[Stored items]
────────

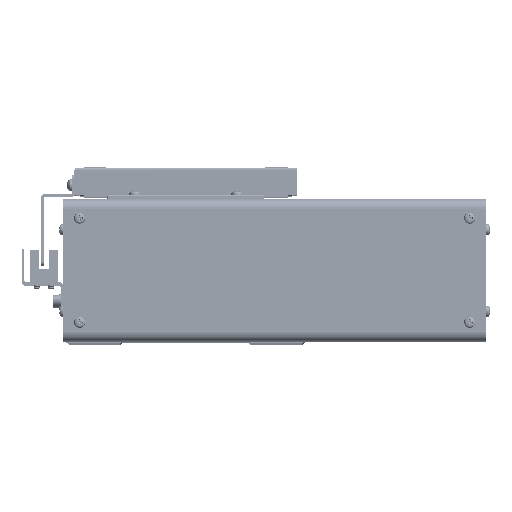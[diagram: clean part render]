
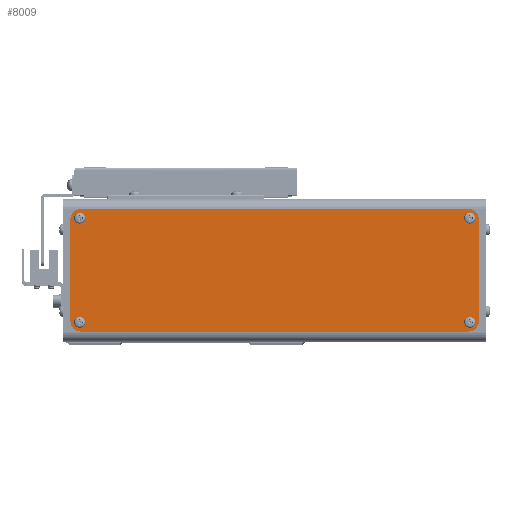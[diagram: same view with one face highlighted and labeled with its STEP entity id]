
A CAD part, top view. The second image highlights one B-rep face of the part: STEP entity #8009.
In plain terms, the highlighted planar face has unit normal (0, 0, 1).
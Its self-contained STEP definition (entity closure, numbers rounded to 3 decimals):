
#491 = FACE_BOUND ( 'NONE', #16599, .T. ) ;
#2954 = LINE ( 'NONE', #98923, #68148 ) ;
#5624 = VERTEX_POINT ( 'NONE', #36421 ) ;
#6056 = EDGE_CURVE ( 'NONE', #5624, #8534, #108575, .T. ) ;
#6610 = EDGE_CURVE ( 'NONE', #47620, #58956, #8661, .T. ) ;
#6818 = DIRECTION ( 'NONE',  ( -1., 0., 0. ) ) ;
#7067 = CARTESIAN_POINT ( 'NONE',  ( -97.1, -25.5, 1. ) ) ;
#7358 = CARTESIAN_POINT ( 'NONE',  ( 95., -25., 1. ) ) ;
#8009 = ADVANCED_FACE ( 'NONE', ( #91040, #25751, #45753, #23082, #491 ), #74226, .F. ) ;
#8534 = VERTEX_POINT ( 'NONE', #104412 ) ;
#8661 = CIRCLE ( 'NONE', #78748, 1.6 ) ;
#11081 = EDGE_CURVE ( 'NONE', #23237, #65912, #2954, .T. ) ;
#13894 = CARTESIAN_POINT ( 'NONE',  ( -95., 30., 1. ) ) ;
#14462 = ORIENTED_EDGE ( 'NONE', *, *, #6610, .F. ) ;
#15884 = DIRECTION ( 'NONE',  ( 1., 0., 0. ) ) ;
#15918 = EDGE_CURVE ( 'NONE', #84480, #66208, #95408, .T. ) ;
#16105 = DIRECTION ( 'NONE',  ( 1., 0., 0. ) ) ;
#16599 = EDGE_LOOP ( 'NONE', ( #65374, #86154 ) ) ;
#16684 = DIRECTION ( 'NONE',  ( 0., 0., 1. ) ) ;
#16828 = CARTESIAN_POINT ( 'NONE',  ( -95.5, 25.5, 1. ) ) ;
#17229 = DIRECTION ( 'NONE',  ( 0., 1., 0. ) ) ;
#17443 = CARTESIAN_POINT ( 'NONE',  ( 100., -25., 1. ) ) ;
#18865 = AXIS2_PLACEMENT_3D ( 'NONE', #74084, #73487, #73469 ) ;
#20044 = CARTESIAN_POINT ( 'NONE',  ( -95., 25., 1. ) ) ;
#20708 = CIRCLE ( 'NONE', #97801, 1.6 ) ;
#20840 = AXIS2_PLACEMENT_3D ( 'NONE', #83053, #32019, #91588 ) ;
#22095 = CARTESIAN_POINT ( 'NONE',  ( 93.9, -25.5, 1. ) ) ;
#23082 = FACE_BOUND ( 'NONE', #104149, .T. ) ;
#23237 = VERTEX_POINT ( 'NONE', #58915 ) ;
#23757 = ORIENTED_EDGE ( 'NONE', *, *, #59678, .F. ) ;
#24643 = CIRCLE ( 'NONE', #35205, 5. ) ;
#25334 = DIRECTION ( 'NONE',  ( 0., 0., 1. ) ) ;
#25751 = FACE_BOUND ( 'NONE', #87177, .T. ) ;
#25864 = CARTESIAN_POINT ( 'NONE',  ( -100., -25., 1. ) ) ;
#26509 = DIRECTION ( 'NONE',  ( 0., 0., 1. ) ) ;
#26644 = ORIENTED_EDGE ( 'NONE', *, *, #51148, .T. ) ;
#27108 = DIRECTION ( 'NONE',  ( -1., 0., 0. ) ) ;
#28626 = DIRECTION ( 'NONE',  ( -1., 0., 0. ) ) ;
#29560 = DIRECTION ( 'NONE',  ( 1., 0., 0. ) ) ;
#30064 = VECTOR ( 'NONE', #29560, 1000. ) ;
#31303 = CIRCLE ( 'NONE', #95877, 5. ) ;
#31777 = CARTESIAN_POINT ( 'NONE',  ( -100., -25., 1. ) ) ;
#31892 = EDGE_CURVE ( 'NONE', #66208, #84480, #75354, .T. ) ;
#32019 = DIRECTION ( 'NONE',  ( 0., 0., 1. ) ) ;
#33354 = EDGE_CURVE ( 'NONE', #56432, #52448, #89777, .T. ) ;
#33942 = CARTESIAN_POINT ( 'NONE',  ( -97.1, 25.5, 1. ) ) ;
#34829 = VERTEX_POINT ( 'NONE', #109938 ) ;
#34925 = VERTEX_POINT ( 'NONE', #25864 ) ;
#35205 = AXIS2_PLACEMENT_3D ( 'NONE', #108717, #57780, #6818 ) ;
#35504 = VERTEX_POINT ( 'NONE', #22095 ) ;
#36421 = CARTESIAN_POINT ( 'NONE',  ( 100., -25., 1. ) ) ;
#38156 = DIRECTION ( 'NONE',  ( 0., 0., 1. ) ) ;
#39018 = CARTESIAN_POINT ( 'NONE',  ( 95.5, 25.5, 1. ) ) ;
#39099 = CARTESIAN_POINT ( 'NONE',  ( 95.5, -25.5, 1. ) ) ;
#41042 = AXIS2_PLACEMENT_3D ( 'NONE', #76371, #25334, #84947 ) ;
#41752 = CARTESIAN_POINT ( 'NONE',  ( 97.1, -25.5, 1. ) ) ;
#43386 = VECTOR ( 'NONE', #17229, 1000. ) ;
#43768 = LINE ( 'NONE', #31777, #86431 ) ;
#44196 = EDGE_CURVE ( 'NONE', #34829, #5624, #71968, .T. ) ;
#44964 = CARTESIAN_POINT ( 'NONE',  ( 95.5, 25.5, 1. ) ) ;
#45448 = VERTEX_POINT ( 'NONE', #62627 ) ;
#45753 = FACE_OUTER_BOUND ( 'NONE', #76580, .T. ) ;
#46116 = DIRECTION ( 'NONE',  ( 0., 0., 1. ) ) ;
#47293 = AXIS2_PLACEMENT_3D ( 'NONE', #97080, #46116, #105576 ) ;
#47620 = VERTEX_POINT ( 'NONE', #92448 ) ;
#47680 = DIRECTION ( 'NONE',  ( 1., 0., 0. ) ) ;
#51148 = EDGE_CURVE ( 'NONE', #8534, #23237, #24643, .T. ) ;
#52448 = VERTEX_POINT ( 'NONE', #7067 ) ;
#53520 = DIRECTION ( 'NONE',  ( -1., 0., 0. ) ) ;
#54053 = ORIENTED_EDGE ( 'NONE', *, *, #62747, .T. ) ;
#55818 = EDGE_CURVE ( 'NONE', #52448, #56432, #79923, .T. ) ;
#56432 = VERTEX_POINT ( 'NONE', #84917 ) ;
#57780 = DIRECTION ( 'NONE',  ( 0., 0., 1. ) ) ;
#58915 = CARTESIAN_POINT ( 'NONE',  ( 95., 30., 1. ) ) ;
#58956 = VERTEX_POINT ( 'NONE', #73088 ) ;
#59678 = EDGE_CURVE ( 'NONE', #35504, #76322, #81916, .T. ) ;
#61735 = DIRECTION ( 'NONE',  ( 1., 0., 0. ) ) ;
#61758 = DIRECTION ( 'NONE',  ( 0., 0., 1. ) ) ;
#61985 = CARTESIAN_POINT ( 'NONE',  ( -95.5, 25.5, 1. ) ) ;
#62627 = CARTESIAN_POINT ( 'NONE',  ( -95., -30., 1. ) ) ;
#62747 = EDGE_CURVE ( 'NONE', #34925, #45448, #80095, .T. ) ;
#63333 = EDGE_CURVE ( 'NONE', #76322, #35504, #65285, .T. ) ;
#63946 = ORIENTED_EDGE ( 'NONE', *, *, #44196, .T. ) ;
#64161 = ORIENTED_EDGE ( 'NONE', *, *, #89559, .T. ) ;
#65285 = CIRCLE ( 'NONE', #47293, 1.6 ) ;
#65374 = ORIENTED_EDGE ( 'NONE', *, *, #55818, .F. ) ;
#65912 = VERTEX_POINT ( 'NONE', #13894 ) ;
#66208 = VERTEX_POINT ( 'NONE', #33942 ) ;
#66883 = DIRECTION ( 'NONE',  ( 0., 0., 1. ) ) ;
#68148 = VECTOR ( 'NONE', #98902, 1000. ) ;
#71968 = CIRCLE ( 'NONE', #76121, 5. ) ;
#72007 = CARTESIAN_POINT ( 'NONE',  ( -95., -30., 1. ) ) ;
#72696 = LINE ( 'NONE', #72007, #30064 ) ;
#72843 = VERTEX_POINT ( 'NONE', #107973 ) ;
#73088 = CARTESIAN_POINT ( 'NONE',  ( 93.9, 25.5, 1. ) ) ;
#73244 = ORIENTED_EDGE ( 'NONE', *, *, #6056, .T. ) ;
#73469 = DIRECTION ( 'NONE',  ( -1., 0., 0. ) ) ;
#73487 = DIRECTION ( 'NONE',  ( 0., 0., -1. ) ) ;
#74084 = CARTESIAN_POINT ( 'NONE',  ( 95., 25., 1. ) ) ;
#74191 = EDGE_CURVE ( 'NONE', #58956, #47620, #20708, .T. ) ;
#74226 = PLANE ( 'NONE',  #18865 ) ;
#75354 = CIRCLE ( 'NONE', #78082, 1.6 ) ;
#76121 = AXIS2_PLACEMENT_3D ( 'NONE', #7358, #66883, #15884 ) ;
#76322 = VERTEX_POINT ( 'NONE', #41752 ) ;
#76371 = CARTESIAN_POINT ( 'NONE',  ( -95.5, -25.5, 1. ) ) ;
#76580 = EDGE_LOOP ( 'NONE', ( #26644, #80870, #81399, #64161, #54053, #102480, #63946, #73244 ) ) ;
#77529 = CARTESIAN_POINT ( 'NONE',  ( -95.5, -25.5, 1. ) ) ;
#78082 = AXIS2_PLACEMENT_3D ( 'NONE', #16828, #16684, #16105 ) ;
#78748 = AXIS2_PLACEMENT_3D ( 'NONE', #39018, #38156, #27108 ) ;
#79653 = DIRECTION ( 'NONE',  ( 0., 0., 1. ) ) ;
#79923 = CIRCLE ( 'NONE', #89682, 1.6 ) ;
#80095 = CIRCLE ( 'NONE', #20840, 5. ) ;
#80870 = ORIENTED_EDGE ( 'NONE', *, *, #11081, .T. ) ;
#81399 = ORIENTED_EDGE ( 'NONE', *, *, #97047, .T. ) ;
#81916 = CIRCLE ( 'NONE', #102600, 1.6 ) ;
#83053 = CARTESIAN_POINT ( 'NONE',  ( -95., -25., 1. ) ) ;
#83167 = DIRECTION ( 'NONE',  ( 0., -1., 0. ) ) ;
#84480 = VERTEX_POINT ( 'NONE', #85835 ) ;
#84917 = CARTESIAN_POINT ( 'NONE',  ( -93.9, -25.5, 1. ) ) ;
#84947 = DIRECTION ( 'NONE',  ( -1., 0., 0. ) ) ;
#85835 = CARTESIAN_POINT ( 'NONE',  ( -93.9, 25.5, 1. ) ) ;
#86102 = DIRECTION ( 'NONE',  ( -1., 0., 0. ) ) ;
#86154 = ORIENTED_EDGE ( 'NONE', *, *, #33354, .F. ) ;
#86431 = VECTOR ( 'NONE', #83167, 1000. ) ;
#86800 = ORIENTED_EDGE ( 'NONE', *, *, #74191, .F. ) ;
#87177 = EDGE_LOOP ( 'NONE', ( #91573, #90243 ) ) ;
#89559 = EDGE_CURVE ( 'NONE', #72843, #34925, #43768, .T. ) ;
#89682 = AXIS2_PLACEMENT_3D ( 'NONE', #77529, #26509, #86102 ) ;
#89777 = CIRCLE ( 'NONE', #41042, 1.6 ) ;
#90243 = ORIENTED_EDGE ( 'NONE', *, *, #15918, .F. ) ;
#91040 = FACE_BOUND ( 'NONE', #92249, .T. ) ;
#91573 = ORIENTED_EDGE ( 'NONE', *, *, #31892, .F. ) ;
#91588 = DIRECTION ( 'NONE',  ( -1., 0., 0. ) ) ;
#92249 = EDGE_LOOP ( 'NONE', ( #23757, #93456 ) ) ;
#92448 = CARTESIAN_POINT ( 'NONE',  ( 97.1, 25.5, 1. ) ) ;
#93456 = ORIENTED_EDGE ( 'NONE', *, *, #63333, .F. ) ;
#95408 = CIRCLE ( 'NONE', #97762, 1.6 ) ;
#95877 = AXIS2_PLACEMENT_3D ( 'NONE', #20044, #79653, #28626 ) ;
#97047 = EDGE_CURVE ( 'NONE', #65912, #72843, #31303, .T. ) ;
#97080 = CARTESIAN_POINT ( 'NONE',  ( 95.5, -25.5, 1. ) ) ;
#97762 = AXIS2_PLACEMENT_3D ( 'NONE', #61985, #61758, #61735 ) ;
#97801 = AXIS2_PLACEMENT_3D ( 'NONE', #44964, #104411, #53520 ) ;
#98594 = DIRECTION ( 'NONE',  ( 0., 0., 1. ) ) ;
#98902 = DIRECTION ( 'NONE',  ( -1., 0., 0. ) ) ;
#98923 = CARTESIAN_POINT ( 'NONE',  ( -95., 30., 1. ) ) ;
#102480 = ORIENTED_EDGE ( 'NONE', *, *, #106597, .T. ) ;
#102600 = AXIS2_PLACEMENT_3D ( 'NONE', #39099, #98594, #47680 ) ;
#104149 = EDGE_LOOP ( 'NONE', ( #86800, #14462 ) ) ;
#104411 = DIRECTION ( 'NONE',  ( 0., 0., 1. ) ) ;
#104412 = CARTESIAN_POINT ( 'NONE',  ( 100., 25., 1. ) ) ;
#105576 = DIRECTION ( 'NONE',  ( 1., 0., 0. ) ) ;
#106597 = EDGE_CURVE ( 'NONE', #45448, #34829, #72696, .T. ) ;
#107973 = CARTESIAN_POINT ( 'NONE',  ( -100., 25., 1. ) ) ;
#108575 = LINE ( 'NONE', #17443, #43386 ) ;
#108717 = CARTESIAN_POINT ( 'NONE',  ( 95., 25., 1. ) ) ;
#109938 = CARTESIAN_POINT ( 'NONE',  ( 95., -30., 1. ) ) ;

────────

◆ Exercise:
The required output is every line above from the one with "#43386 = VECTOR ( 'NONE', #17229, 1000. ) ;" down to the one with "#62627 = CARTESIAN_POINT", restated word for word, ends included.

◆ Response to this task:
#43386 = VECTOR ( 'NONE', #17229, 1000. ) ;
#43768 = LINE ( 'NONE', #31777, #86431 ) ;
#44196 = EDGE_CURVE ( 'NONE', #34829, #5624, #71968, .T. ) ;
#44964 = CARTESIAN_POINT ( 'NONE',  ( 95.5, 25.5, 1. ) ) ;
#45448 = VERTEX_POINT ( 'NONE', #62627 ) ;
#45753 = FACE_OUTER_BOUND ( 'NONE', #76580, .T. ) ;
#46116 = DIRECTION ( 'NONE',  ( 0., 0., 1. ) ) ;
#47293 = AXIS2_PLACEMENT_3D ( 'NONE', #97080, #46116, #105576 ) ;
#47620 = VERTEX_POINT ( 'NONE', #92448 ) ;
#47680 = DIRECTION ( 'NONE',  ( 1., 0., 0. ) ) ;
#51148 = EDGE_CURVE ( 'NONE', #8534, #23237, #24643, .T. ) ;
#52448 = VERTEX_POINT ( 'NONE', #7067 ) ;
#53520 = DIRECTION ( 'NONE',  ( -1., 0., 0. ) ) ;
#54053 = ORIENTED_EDGE ( 'NONE', *, *, #62747, .T. ) ;
#55818 = EDGE_CURVE ( 'NONE', #52448, #56432, #79923, .T. ) ;
#56432 = VERTEX_POINT ( 'NONE', #84917 ) ;
#57780 = DIRECTION ( 'NONE',  ( 0., 0., 1. ) ) ;
#58915 = CARTESIAN_POINT ( 'NONE',  ( 95., 30., 1. ) ) ;
#58956 = VERTEX_POINT ( 'NONE', #73088 ) ;
#59678 = EDGE_CURVE ( 'NONE', #35504, #76322, #81916, .T. ) ;
#61735 = DIRECTION ( 'NONE',  ( 1., 0., 0. ) ) ;
#61758 = DIRECTION ( 'NONE',  ( 0., 0., 1. ) ) ;
#61985 = CARTESIAN_POINT ( 'NONE',  ( -95.5, 25.5, 1. ) ) ;
#62627 = CARTESIAN_POINT ( 'NONE',  ( -95., -30., 1. ) ) ;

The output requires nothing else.